Bash input and output redirection fundamentals

stdin stdout stderr, file descriptors 0 1 2, redirect operators, /dev/null, tee command, heredoc, pipe operator

Three Standard Streams

stdin stdout stderr streams

Every process has three open file descriptors by default: stdin (0) reads input, stdout (1) writes normal output, stderr (2) writes errors.
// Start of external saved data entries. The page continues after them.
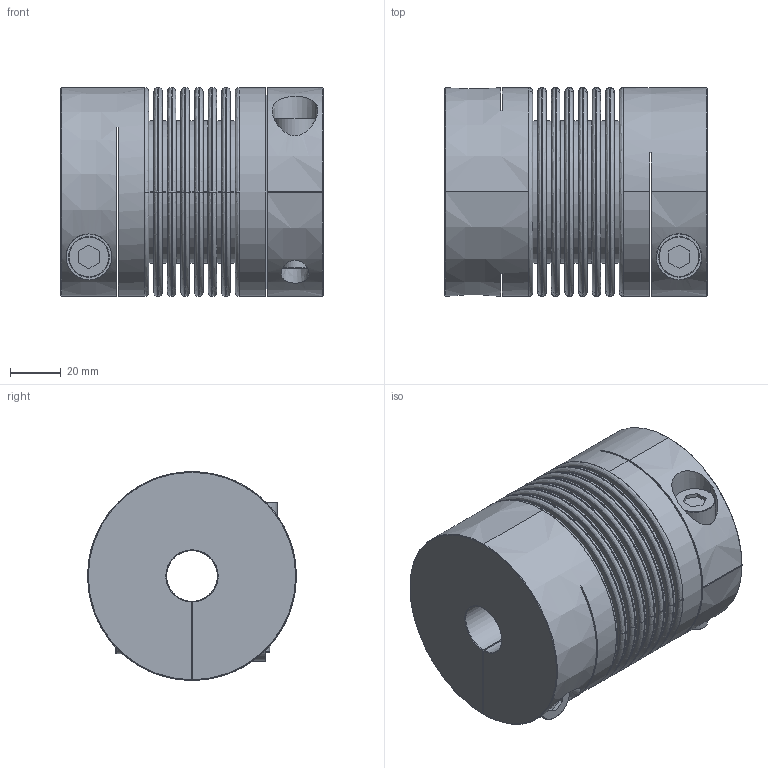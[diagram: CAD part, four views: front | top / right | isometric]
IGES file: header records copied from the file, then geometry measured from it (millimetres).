
Start section: SolidWorks IGES file using analytic representation for surfaces
Global section: file name: CL6-C82_CLAMP.igs; native system: SolidWorks 2010; preprocessor: SolidWorks 2010; author: Josh; date: 110810.005932; units: millimetre
Bounding box: 103 x 82 x 82 mm (x, y, z)
Surface area: 105594.4 mm2 (no closed solid volume)
Topology: 0 solids, 0 shells, 183 faces, 3783 edges, 3783 vertices
Faces by surface type: bspline 104, revolution 79
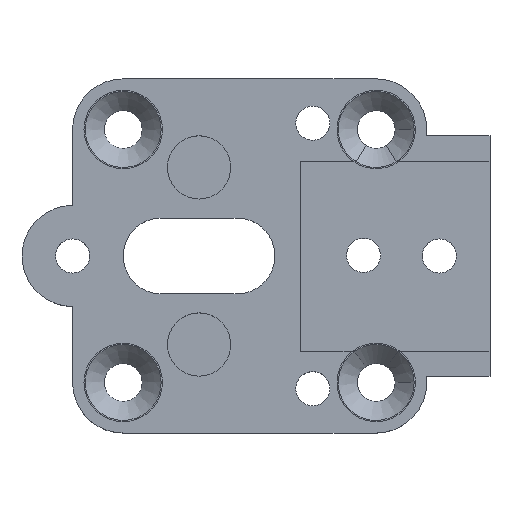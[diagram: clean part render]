
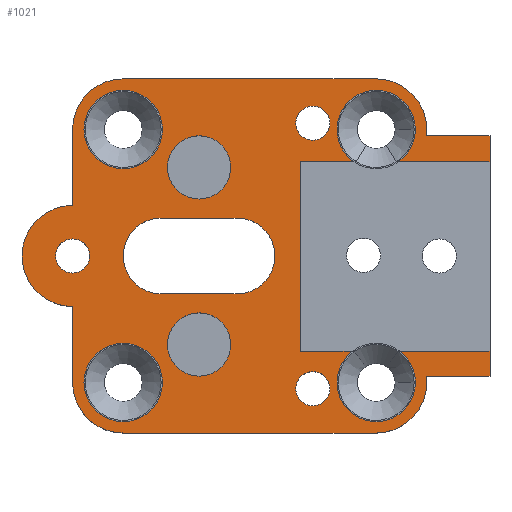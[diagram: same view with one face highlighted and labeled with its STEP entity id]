
A CAD part, top view. The second image highlights one B-rep face of the part: STEP entity #1021.
In plain terms, the highlighted planar face has unit normal (0, 0, 1).
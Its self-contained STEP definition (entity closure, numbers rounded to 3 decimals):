
#336 = VERTEX_POINT('',#337);
#337 = CARTESIAN_POINT('',(-20.,42.,4.));
#343 = EDGE_CURVE('',#336,#344,#346,.T.);
#344 = VERTEX_POINT('',#345);
#345 = CARTESIAN_POINT('',(-24.,38.,4.));
#346 = CIRCLE('',#347,4.);
#347 = AXIS2_PLACEMENT_3D('',#348,#349,#350);
#348 = CARTESIAN_POINT('',(-20.,38.,4.));
#349 = DIRECTION('',(0.,0.,1.));
#350 = DIRECTION('',(1.,0.,0.));
#368 = EDGE_CURVE('',#336,#369,#371,.T.);
#369 = VERTEX_POINT('',#370);
#370 = CARTESIAN_POINT('',(0.,42.,4.));
#371 = LINE('',#372,#373);
#372 = CARTESIAN_POINT('',(-20.,42.,4.));
#373 = VECTOR('',#374,1.);
#374 = DIRECTION('',(1.,0.,0.));
#392 = EDGE_CURVE('',#344,#393,#395,.T.);
#393 = VERTEX_POINT('',#394);
#394 = CARTESIAN_POINT('',(-24.,32.,4.));
#395 = LINE('',#396,#397);
#396 = CARTESIAN_POINT('',(-24.,38.,4.));
#397 = VECTOR('',#398,1.);
#398 = DIRECTION('',(0.,-1.,0.));
#416 = VERTEX_POINT('',#417);
#417 = CARTESIAN_POINT('',(3.969,37.5,4.));
#423 = EDGE_CURVE('',#416,#369,#424,.T.);
#424 = CIRCLE('',#425,4.);
#425 = AXIS2_PLACEMENT_3D('',#426,#427,#428);
#426 = CARTESIAN_POINT('',(0.,38.,4.));
#427 = DIRECTION('',(0.,0.,1.));
#428 = DIRECTION('',(1.,0.,0.));
#441 = EDGE_CURVE('',#393,#442,#444,.T.);
#442 = VERTEX_POINT('',#443);
#443 = CARTESIAN_POINT('',(-24.,24.,4.));
#444 = CIRCLE('',#445,4.);
#445 = AXIS2_PLACEMENT_3D('',#446,#447,#448);
#446 = CARTESIAN_POINT('',(-24.,28.,4.));
#447 = DIRECTION('',(0.,0.,1.));
#448 = DIRECTION('',(1.,0.,0.));
#466 = EDGE_CURVE('',#416,#467,#469,.T.);
#467 = VERTEX_POINT('',#468);
#468 = CARTESIAN_POINT('',(9.,37.5,4.));
#469 = LINE('',#470,#471);
#470 = CARTESIAN_POINT('',(3.969,37.5,4.));
#471 = VECTOR('',#472,1.);
#472 = DIRECTION('',(1.,0.,0.));
#490 = EDGE_CURVE('',#442,#491,#493,.T.);
#491 = VERTEX_POINT('',#492);
#492 = CARTESIAN_POINT('',(-24.,18.,4.));
#493 = LINE('',#494,#495);
#494 = CARTESIAN_POINT('',(-24.,24.,4.));
#495 = VECTOR('',#496,1.);
#496 = DIRECTION('',(0.,-1.,0.));
#515 = EDGE_CURVE('',#467,#516,#518,.T.);
#516 = VERTEX_POINT('',#517);
#517 = CARTESIAN_POINT('',(9.,35.45,4.));
#518 = LINE('',#519,#520);
#519 = CARTESIAN_POINT('',(9.,37.5,4.));
#520 = VECTOR('',#521,1.);
#521 = DIRECTION('',(0.,-1.,0.));
#540 = VERTEX_POINT('',#541);
#541 = CARTESIAN_POINT('',(9.,20.45,4.));
#547 = EDGE_CURVE('',#540,#548,#550,.T.);
#548 = VERTEX_POINT('',#549);
#549 = CARTESIAN_POINT('',(9.,18.5,4.));
#550 = LINE('',#551,#552);
#551 = CARTESIAN_POINT('',(9.,37.5,4.));
#552 = VECTOR('',#553,1.);
#553 = DIRECTION('',(0.,-1.,0.));
#570 = EDGE_CURVE('',#491,#571,#573,.T.);
#571 = VERTEX_POINT('',#572);
#572 = CARTESIAN_POINT('',(-20.,14.,4.));
#573 = CIRCLE('',#574,4.);
#574 = AXIS2_PLACEMENT_3D('',#575,#576,#577);
#575 = CARTESIAN_POINT('',(-20.,18.,4.));
#576 = DIRECTION('',(0.,0.,1.));
#577 = DIRECTION('',(1.,0.,0.));
#595 = VERTEX_POINT('',#596);
#596 = CARTESIAN_POINT('',(3.969,18.5,4.));
#602 = EDGE_CURVE('',#595,#548,#603,.T.);
#603 = LINE('',#604,#605);
#604 = CARTESIAN_POINT('',(3.969,18.5,4.));
#605 = VECTOR('',#606,1.);
#606 = DIRECTION('',(1.,0.,0.));
#619 = EDGE_CURVE('',#571,#620,#622,.T.);
#620 = VERTEX_POINT('',#621);
#621 = CARTESIAN_POINT('',(0.,14.,4.));
#622 = LINE('',#623,#624);
#623 = CARTESIAN_POINT('',(-20.,14.,4.));
#624 = VECTOR('',#625,1.);
#625 = DIRECTION('',(1.,0.,0.));
#643 = EDGE_CURVE('',#620,#595,#644,.T.);
#644 = CIRCLE('',#645,4.);
#645 = AXIS2_PLACEMENT_3D('',#646,#647,#648);
#646 = CARTESIAN_POINT('',(0.,18.,4.));
#647 = DIRECTION('',(0.,0.,1.));
#648 = DIRECTION('',(1.,0.,0.));
#661 = VERTEX_POINT('',#662);
#662 = CARTESIAN_POINT('',(-22.65,28.,4.));
#668 = EDGE_CURVE('',#661,#661,#669,.T.);
#669 = CIRCLE('',#670,1.35);
#670 = AXIS2_PLACEMENT_3D('',#671,#672,#673);
#671 = CARTESIAN_POINT('',(-24.,28.,4.));
#672 = DIRECTION('',(0.,0.,1.));
#673 = DIRECTION('',(1.,0.,0.));
#685 = EDGE_CURVE('',#686,#688,#690,.T.);
#686 = VERTEX_POINT('',#687);
#687 = CARTESIAN_POINT('',(-17.,31.,4.));
#688 = VERTEX_POINT('',#689);
#689 = CARTESIAN_POINT('',(-17.,25.,4.));
#690 = CIRCLE('',#691,3.);
#691 = AXIS2_PLACEMENT_3D('',#692,#693,#694);
#692 = CARTESIAN_POINT('',(-17.,28.,4.));
#693 = DIRECTION('',(0.,0.,1.));
#694 = DIRECTION('',(1.,0.,0.));
#717 = EDGE_CURVE('',#688,#718,#720,.T.);
#718 = VERTEX_POINT('',#719);
#719 = CARTESIAN_POINT('',(-11.,25.,4.));
#720 = LINE('',#721,#722);
#721 = CARTESIAN_POINT('',(-17.,25.,4.));
#722 = VECTOR('',#723,1.);
#723 = DIRECTION('',(1.,0.,0.));
#741 = EDGE_CURVE('',#718,#742,#744,.T.);
#742 = VERTEX_POINT('',#743);
#743 = CARTESIAN_POINT('',(-11.,31.,4.));
#744 = CIRCLE('',#745,3.);
#745 = AXIS2_PLACEMENT_3D('',#746,#747,#748);
#746 = CARTESIAN_POINT('',(-11.,28.,4.));
#747 = DIRECTION('',(0.,0.,1.));
#748 = DIRECTION('',(1.,0.,0.));
#766 = EDGE_CURVE('',#742,#686,#767,.T.);
#767 = LINE('',#768,#769);
#768 = CARTESIAN_POINT('',(-11.,31.,4.));
#769 = VECTOR('',#770,1.);
#770 = DIRECTION('',(-1.,0.,0.));
#784 = VERTEX_POINT('',#785);
#785 = CARTESIAN_POINT('',(-3.65,17.5,4.));
#791 = EDGE_CURVE('',#784,#784,#792,.T.);
#792 = CIRCLE('',#793,1.35);
#793 = AXIS2_PLACEMENT_3D('',#794,#795,#796);
#794 = CARTESIAN_POINT('',(-5.,17.5,4.));
#795 = DIRECTION('',(0.,0.,1.));
#796 = DIRECTION('',(1.,0.,0.));
#930 = VERTEX_POINT('',#931);
#931 = CARTESIAN_POINT('',(-3.65,38.5,4.));
#937 = EDGE_CURVE('',#930,#930,#938,.T.);
#938 = CIRCLE('',#939,1.35);
#939 = AXIS2_PLACEMENT_3D('',#940,#941,#942);
#940 = CARTESIAN_POINT('',(-5.,38.5,4.));
#941 = DIRECTION('',(0.,0.,1.));
#942 = DIRECTION('',(1.,0.,0.));
#1001 = VERTEX_POINT('',#1002);
#1002 = CARTESIAN_POINT('',(-16.9,18.,4.));
#1010 = EDGE_CURVE('',#1001,#1001,#1011,.T.);
#1011 = CIRCLE('',#1012,3.1);
#1012 = AXIS2_PLACEMENT_3D('',#1013,#1014,#1015);
#1013 = CARTESIAN_POINT('',(-20.,18.,4.));
#1014 = DIRECTION('',(0.,0.,1.));
#1015 = DIRECTION('',(1.,0.,0.));
#1021 = ADVANCED_FACE('',(#1022,#1111,#1114,#1125,#1128,#1131,#1142,
    #1148,#1159),#1162,.T.);
#1022 = FACE_BOUND('',#1023,.T.);
#1023 = EDGE_LOOP('',(#1024,#1025,#1026,#1027,#1028,#1029,#1030,#1031,
    #1032,#1033,#1034,#1042,#1051,#1060,#1068,#1076,#1084,#1093,#1102,
    #1108,#1109,#1110));
#1024 = ORIENTED_EDGE('',*,*,#368,.F.);
#1025 = ORIENTED_EDGE('',*,*,#343,.T.);
#1026 = ORIENTED_EDGE('',*,*,#392,.T.);
#1027 = ORIENTED_EDGE('',*,*,#441,.T.);
#1028 = ORIENTED_EDGE('',*,*,#490,.T.);
#1029 = ORIENTED_EDGE('',*,*,#570,.T.);
#1030 = ORIENTED_EDGE('',*,*,#619,.T.);
#1031 = ORIENTED_EDGE('',*,*,#643,.T.);
#1032 = ORIENTED_EDGE('',*,*,#602,.T.);
#1033 = ORIENTED_EDGE('',*,*,#547,.F.);
#1034 = ORIENTED_EDGE('',*,*,#1035,.T.);
#1035 = EDGE_CURVE('',#540,#1036,#1038,.T.);
#1036 = VERTEX_POINT('',#1037);
#1037 = CARTESIAN_POINT('',(1.899,20.45,4.));
#1038 = LINE('',#1039,#1040);
#1039 = CARTESIAN_POINT('',(0.356,20.45,4.));
#1040 = VECTOR('',#1041,1.);
#1041 = DIRECTION('',(-1.,0.,0.));
#1042 = ORIENTED_EDGE('',*,*,#1043,.F.);
#1043 = EDGE_CURVE('',#1044,#1036,#1046,.T.);
#1044 = VERTEX_POINT('',#1045);
#1045 = CARTESIAN_POINT('',(3.1,18.,4.));
#1046 = CIRCLE('',#1047,3.1);
#1047 = AXIS2_PLACEMENT_3D('',#1048,#1049,#1050);
#1048 = CARTESIAN_POINT('',(0.,18.,4.));
#1049 = DIRECTION('',(0.,0.,1.));
#1050 = DIRECTION('',(1.,0.,0.));
#1051 = ORIENTED_EDGE('',*,*,#1052,.F.);
#1052 = EDGE_CURVE('',#1053,#1044,#1055,.T.);
#1053 = VERTEX_POINT('',#1054);
#1054 = CARTESIAN_POINT('',(-1.899,20.45,4.));
#1055 = CIRCLE('',#1056,3.1);
#1056 = AXIS2_PLACEMENT_3D('',#1057,#1058,#1059);
#1057 = CARTESIAN_POINT('',(0.,18.,4.));
#1058 = DIRECTION('',(0.,0.,1.));
#1059 = DIRECTION('',(1.,0.,0.));
#1060 = ORIENTED_EDGE('',*,*,#1061,.T.);
#1061 = EDGE_CURVE('',#1053,#1062,#1064,.T.);
#1062 = VERTEX_POINT('',#1063);
#1063 = CARTESIAN_POINT('',(-6.,20.45,4.));
#1064 = LINE('',#1065,#1066);
#1065 = CARTESIAN_POINT('',(0.356,20.45,4.));
#1066 = VECTOR('',#1067,1.);
#1067 = DIRECTION('',(-1.,0.,0.));
#1068 = ORIENTED_EDGE('',*,*,#1069,.T.);
#1069 = EDGE_CURVE('',#1062,#1070,#1072,.T.);
#1070 = VERTEX_POINT('',#1071);
#1071 = CARTESIAN_POINT('',(-6.,35.45,4.));
#1072 = LINE('',#1073,#1074);
#1073 = CARTESIAN_POINT('',(-6.,27.976,4.));
#1074 = VECTOR('',#1075,1.);
#1075 = DIRECTION('',(0.,1.,0.));
#1076 = ORIENTED_EDGE('',*,*,#1077,.T.);
#1077 = EDGE_CURVE('',#1070,#1078,#1080,.T.);
#1078 = VERTEX_POINT('',#1079);
#1079 = CARTESIAN_POINT('',(-1.763,35.45,4.));
#1080 = LINE('',#1081,#1082);
#1081 = CARTESIAN_POINT('',(0.356,35.45,4.));
#1082 = VECTOR('',#1083,1.);
#1083 = DIRECTION('',(1.,0.,0.));
#1084 = ORIENTED_EDGE('',*,*,#1085,.F.);
#1085 = EDGE_CURVE('',#1086,#1078,#1088,.T.);
#1086 = VERTEX_POINT('',#1087);
#1087 = CARTESIAN_POINT('',(3.1,38.,4.));
#1088 = CIRCLE('',#1089,3.1);
#1089 = AXIS2_PLACEMENT_3D('',#1090,#1091,#1092);
#1090 = CARTESIAN_POINT('',(0.,38.,4.));
#1091 = DIRECTION('',(0.,0.,1.));
#1092 = DIRECTION('',(1.,0.,0.));
#1093 = ORIENTED_EDGE('',*,*,#1094,.F.);
#1094 = EDGE_CURVE('',#1095,#1086,#1097,.T.);
#1095 = VERTEX_POINT('',#1096);
#1096 = CARTESIAN_POINT('',(1.763,35.45,4.));
#1097 = CIRCLE('',#1098,3.1);
#1098 = AXIS2_PLACEMENT_3D('',#1099,#1100,#1101);
#1099 = CARTESIAN_POINT('',(0.,38.,4.));
#1100 = DIRECTION('',(0.,0.,1.));
#1101 = DIRECTION('',(1.,0.,0.));
#1102 = ORIENTED_EDGE('',*,*,#1103,.T.);
#1103 = EDGE_CURVE('',#1095,#516,#1104,.T.);
#1104 = LINE('',#1105,#1106);
#1105 = CARTESIAN_POINT('',(0.356,35.45,4.));
#1106 = VECTOR('',#1107,1.);
#1107 = DIRECTION('',(1.,0.,0.));
#1108 = ORIENTED_EDGE('',*,*,#515,.F.);
#1109 = ORIENTED_EDGE('',*,*,#466,.F.);
#1110 = ORIENTED_EDGE('',*,*,#423,.T.);
#1111 = FACE_BOUND('',#1112,.T.);
#1112 = EDGE_LOOP('',(#1113));
#1113 = ORIENTED_EDGE('',*,*,#1010,.F.);
#1114 = FACE_BOUND('',#1115,.T.);
#1115 = EDGE_LOOP('',(#1116));
#1116 = ORIENTED_EDGE('',*,*,#1117,.F.);
#1117 = EDGE_CURVE('',#1118,#1118,#1120,.T.);
#1118 = VERTEX_POINT('',#1119);
#1119 = CARTESIAN_POINT('',(-11.5,21.,4.));
#1120 = CIRCLE('',#1121,2.5);
#1121 = AXIS2_PLACEMENT_3D('',#1122,#1123,#1124);
#1122 = CARTESIAN_POINT('',(-14.,21.,4.));
#1123 = DIRECTION('',(0.,0.,1.));
#1124 = DIRECTION('',(1.,0.,0.));
#1125 = FACE_BOUND('',#1126,.T.);
#1126 = EDGE_LOOP('',(#1127));
#1127 = ORIENTED_EDGE('',*,*,#791,.F.);
#1128 = FACE_BOUND('',#1129,.T.);
#1129 = EDGE_LOOP('',(#1130));
#1130 = ORIENTED_EDGE('',*,*,#668,.F.);
#1131 = FACE_BOUND('',#1132,.T.);
#1132 = EDGE_LOOP('',(#1133));
#1133 = ORIENTED_EDGE('',*,*,#1134,.F.);
#1134 = EDGE_CURVE('',#1135,#1135,#1137,.T.);
#1135 = VERTEX_POINT('',#1136);
#1136 = CARTESIAN_POINT('',(-16.9,38.,4.));
#1137 = CIRCLE('',#1138,3.1);
#1138 = AXIS2_PLACEMENT_3D('',#1139,#1140,#1141);
#1139 = CARTESIAN_POINT('',(-20.,38.,4.));
#1140 = DIRECTION('',(0.,0.,1.));
#1141 = DIRECTION('',(1.,0.,0.));
#1142 = FACE_BOUND('',#1143,.T.);
#1143 = EDGE_LOOP('',(#1144,#1145,#1146,#1147));
#1144 = ORIENTED_EDGE('',*,*,#685,.F.);
#1145 = ORIENTED_EDGE('',*,*,#766,.F.);
#1146 = ORIENTED_EDGE('',*,*,#741,.F.);
#1147 = ORIENTED_EDGE('',*,*,#717,.F.);
#1148 = FACE_BOUND('',#1149,.T.);
#1149 = EDGE_LOOP('',(#1150));
#1150 = ORIENTED_EDGE('',*,*,#1151,.F.);
#1151 = EDGE_CURVE('',#1152,#1152,#1154,.T.);
#1152 = VERTEX_POINT('',#1153);
#1153 = CARTESIAN_POINT('',(-11.5,35.,4.));
#1154 = CIRCLE('',#1155,2.5);
#1155 = AXIS2_PLACEMENT_3D('',#1156,#1157,#1158);
#1156 = CARTESIAN_POINT('',(-14.,35.,4.));
#1157 = DIRECTION('',(0.,0.,1.));
#1158 = DIRECTION('',(1.,0.,0.));
#1159 = FACE_BOUND('',#1160,.T.);
#1160 = EDGE_LOOP('',(#1161));
#1161 = ORIENTED_EDGE('',*,*,#937,.F.);
#1162 = PLANE('',#1163);
#1163 = AXIS2_PLACEMENT_3D('',#1164,#1165,#1166);
#1164 = CARTESIAN_POINT('',(-8.289,28.002,4.));
#1165 = DIRECTION('',(0.,0.,1.));
#1166 = DIRECTION('',(1.,0.,0.));

Redirection lets you rewire these connections.

# Redirect stdout to a file
echo "log entry" > app.log      # overwrite
echo "log entry" >> app.log     # append

# Redirect stderr
ls /bad 2> errors.log

# Redirect both stdout and stderr
command > out.log 2>&1

# Discard output completely
command > /dev/null 2>&1

Pipes: Connect Commands

The pipe operator | connects stdout of one command to stdin of the next:

cat /var/log/syslog | grep "ERROR" | wc -l
# Count error lines without creating temp files

Heredoc: Multiline Input

cat << 'EOF'
This text goes to stdout.
Variables like $HOME are NOT expanded
because we quoted EOF.
EOF

# Without quotes, variables expand:
cat << EOF
Home is $HOME
EOF

tee: Write and Pass Through

command | tee output.log
# Writes to file AND prints to terminal simultaneously
# Essential for logging long-running scripts

Use 2>&1 before piping to tee if you want stderr captured too: command 2>&1 | tee full.log.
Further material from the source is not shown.